Sampai sekitar pertengahan abad ke-14, umat Kristen Ortodoks di Lituania tidak menoleransi penindasan agama. Agama Kristen penduduk Rusia berhubungan dengan hubungan feodal yang berkembang di Lituania. Ortodoksi menyebar di antara orang-orang Lituania dan di antara orang-orang dan elit penguasa (sampai akhir abad ke-14, ada enam belas pangeran Ortodoks di Lituania). Hukum Rusia dan bahasa Rusia dengan cepat berakar di negeri-negeri ini; dokumen negara yang paling penting dari Lituania kemudian ditulis dalam bahasa Rusia (Boris Grekov, "Peasants in Russia", buku 1, edisi kedua, Moskow, 1952, hlm. 252-253).

Gambar
Gambar

Untuk waktu yang lama agama Katolik tidak menyebar di Lituania; apalagi, para biarawan Katolik yang pergi ke sana dari barat sering menjadi korban pembalasan yang kejam. Ini bisa dimengerti: lagipula, di bawah panji Katolik ada musuh orang-orang Lituania dan Rusia - "anjing ksatria". Di bawah panji ini, agresi Jerman ke timur sedang berlangsung. Teror apa yang dia bawa bersamanya ditunjukkan dalam kronik kuno, misalnya, "The Chronicle of Livonia" oleh Henry dari Latvia.

Gambar
Gambar

Ini adalah kasus sampai para pangeran Lituania mulai mencari pemulihan hubungan dengan raja-raja Polandia dan dengan demikian membuka jalan lebar ke Lituania untuk para Yesuit. Segera, upaya-upaya mulai untuk menyatukan kembali Gereja Katolik dan Ortodoks secara paksa di bawah kepemimpinan Vatikan.

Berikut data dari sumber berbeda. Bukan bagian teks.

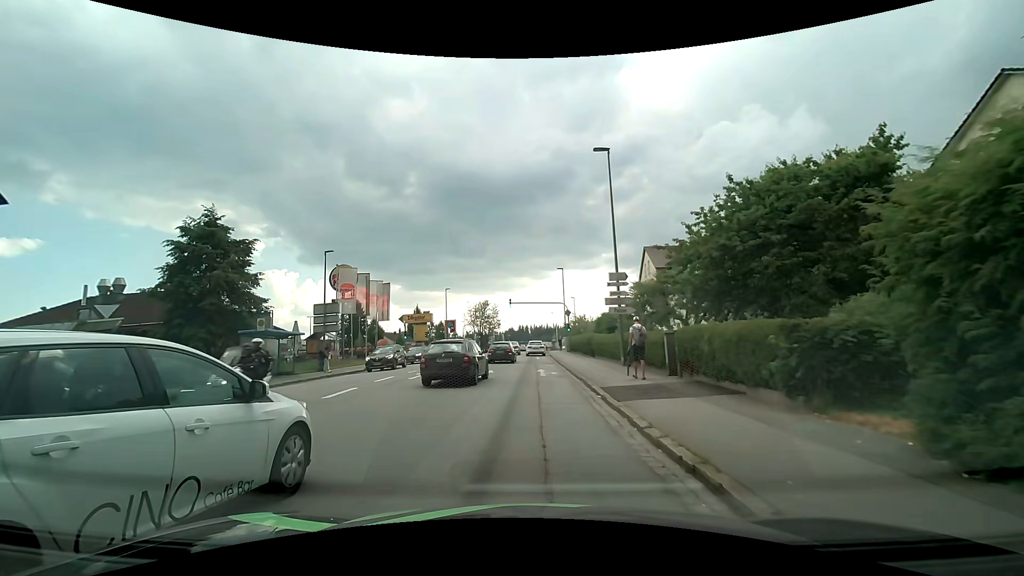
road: tertiary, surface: asphalt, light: Day
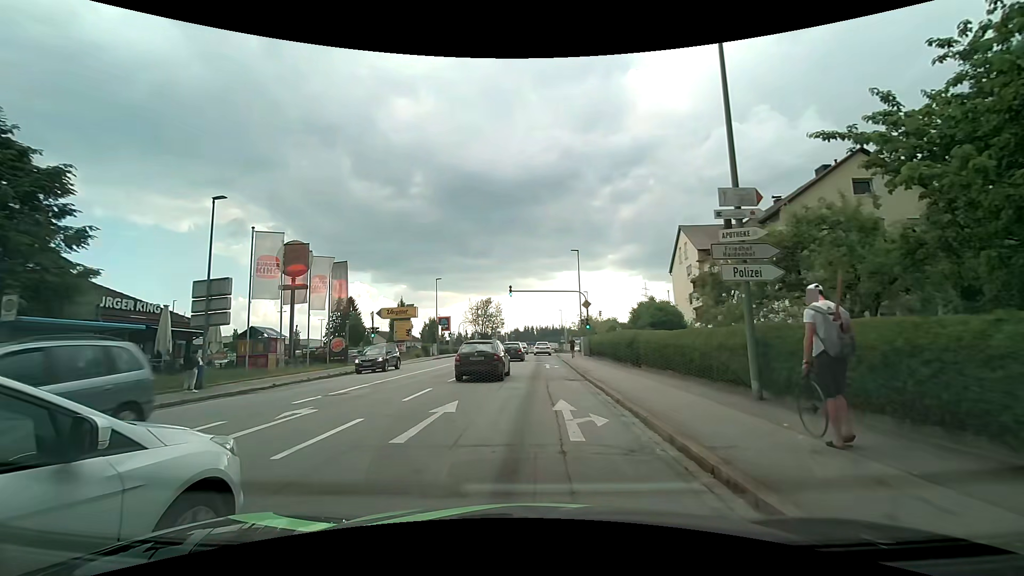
(+0.1, +12.9) m; 0°
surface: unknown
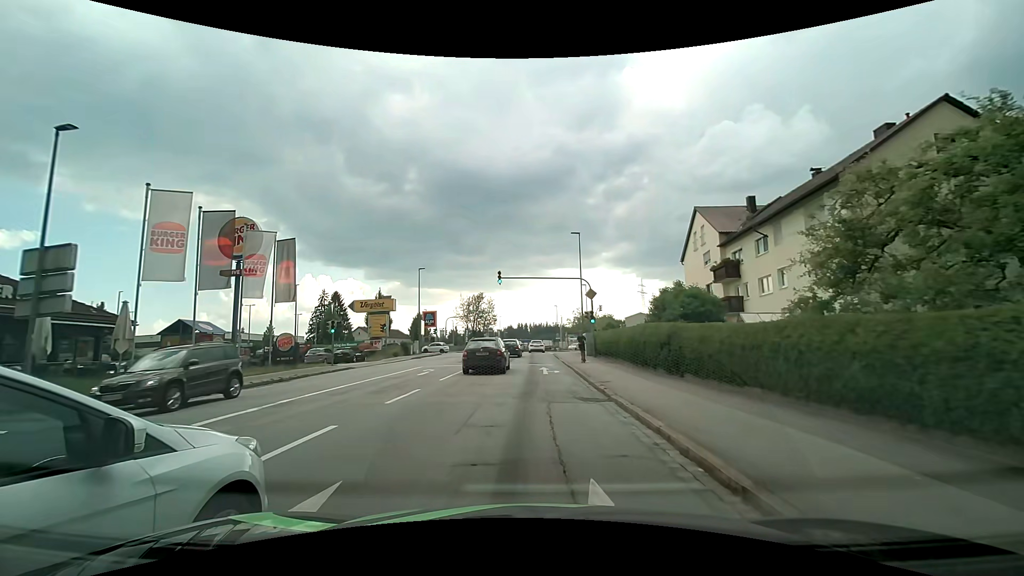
(0.0, +6.9) m; 0°
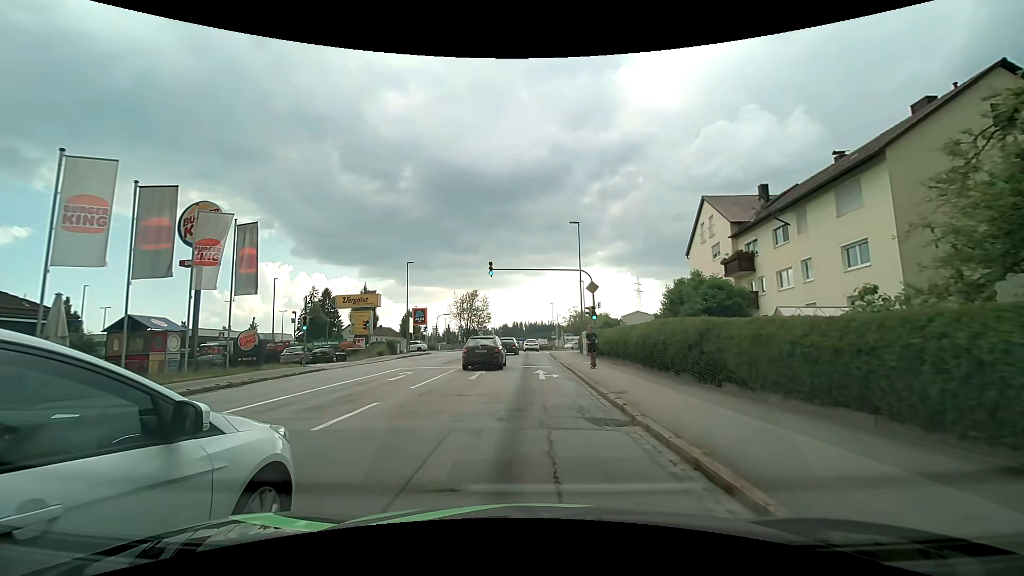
(0.0, +3.3) m; +1°
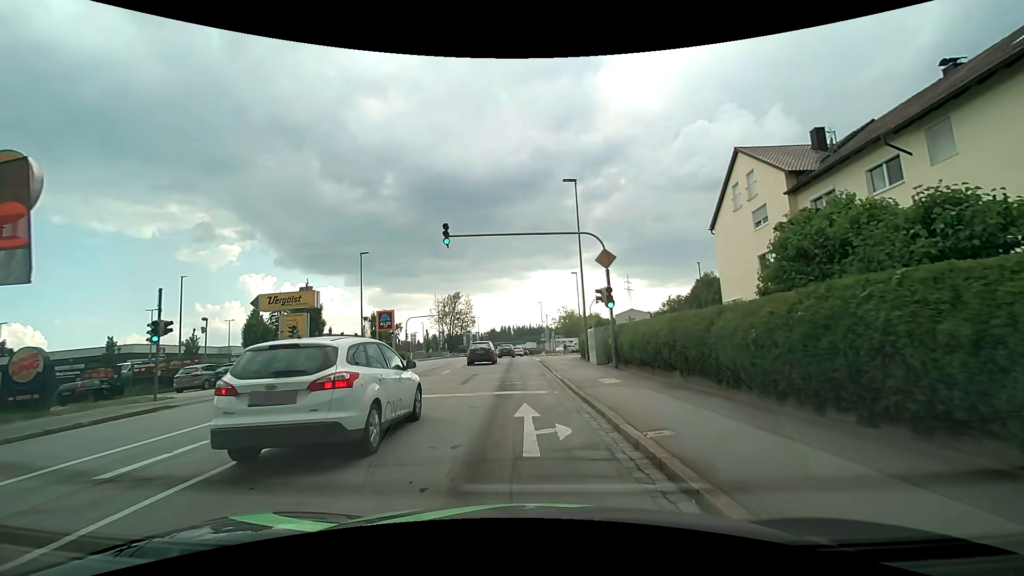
(+0.2, +10.6) m; +3°
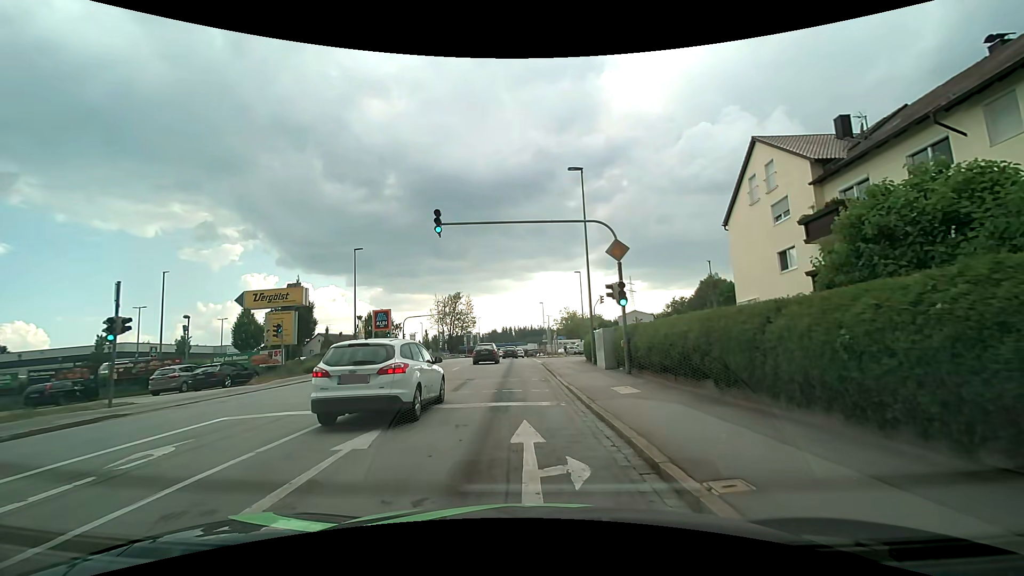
(-0.1, +2.1) m; -2°
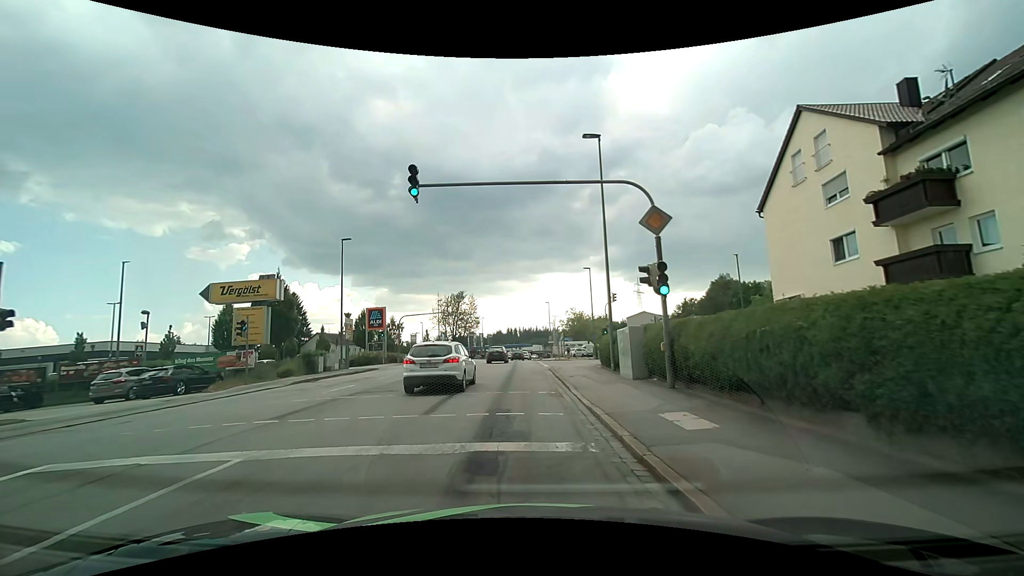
(0.0, +4.4) m; -1°
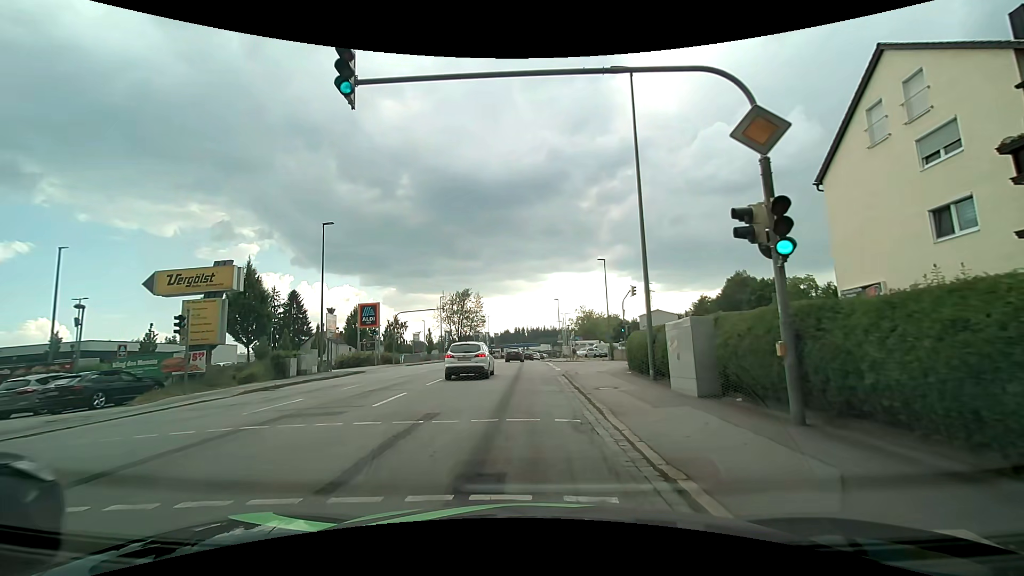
(0.0, +5.4) m; 0°
(0, +10) (0, +20) (0, +30) (0, +40) (0, +50) (0, +60) (-1, +70) (0, +80) (0, +90) (0, +100) m

Yang pertama dengan gigih membantu para paus dalam upaya ini adalah Grand Duke Jagiello dari Lituania (memerintah dari tahun 1377), yang pada mulanya adalah Ortodoks, tetapi kemudian, pada tahun 1386, karena alasan politik pindah ke Katolik, membuat perjanjian dengan Polandia dan mengambil gelar tersebut. dari raja Polandia. Ia mendirikan keuskupan Katolik pertama di Vilna, memberikan keuntungan hukum bagi umat Katolik Lituania, dan mulai membangun gereja. Dalam salah satu suratnya dikatakan: “Kami memutuskan, memutuskan, berjanji, mewajibkan dan atas penerimaan orang-orang kudus, semua orang dari orang-orang Lituania dari kedua jenis kelamin, dalam pangkat, kondisi dan pangkat apa pun mereka, mengambil sumpah pada iman Katolik dan ketaatan suci Gereja Roma., untuk menarik dan melekatkan dengan segala cara "(M. Koyalovich," Persatuan Gereja Lituania ", vol. 1, Moskow, 1859, hlm. 8).

Gambar
Gambar

Semua orang Rusia yang tidak ingin masuk Katolik dilarang oleh Yagiello untuk menikah dengan orang Katolik dan memegang jabatan publik. Pendeta Katolik menerima kursi di Senat di bawahnya.

Gambar
Gambar

Posisi Katolik secara khusus diperkuat ketika Stefan Batory (memerintah dari tahun 1576 hingga 1586) menjadi raja negara bagian Polandia-Lithuania, yang, seperti Jagaila, yang memeluk agama Katolik, mulai menggurui "Masyarakat Yesus" dengan segala cara yang memungkinkan. Dia suka mengulangi: "Jika saya bukan seorang raja, saya akan menjadi seorang Jesuit" (kutipan dari buku Nikolai Lyubovich "Tentang sejarah Jesuit di tanah Lituania-Rusia di abad ke-16", M., 1888, hal.28). Dia menyamakan kolegium Vilna mereka dengan Universitas Krakow yang terkenal dan mengubahnya menjadi akademi. Mengambil Polotsk pada tahun 1579, ia segera mendirikan sebuah perguruan tinggi Yesuit di sana, di mana ia menerima ucapan terima kasih khusus dari nuncio kepausan Caligari (dari buku "Monuments of Cultural and Diplomatic Relations between Russia and Italy", vol. 1, issue 1, L., 1925, hlm. 71).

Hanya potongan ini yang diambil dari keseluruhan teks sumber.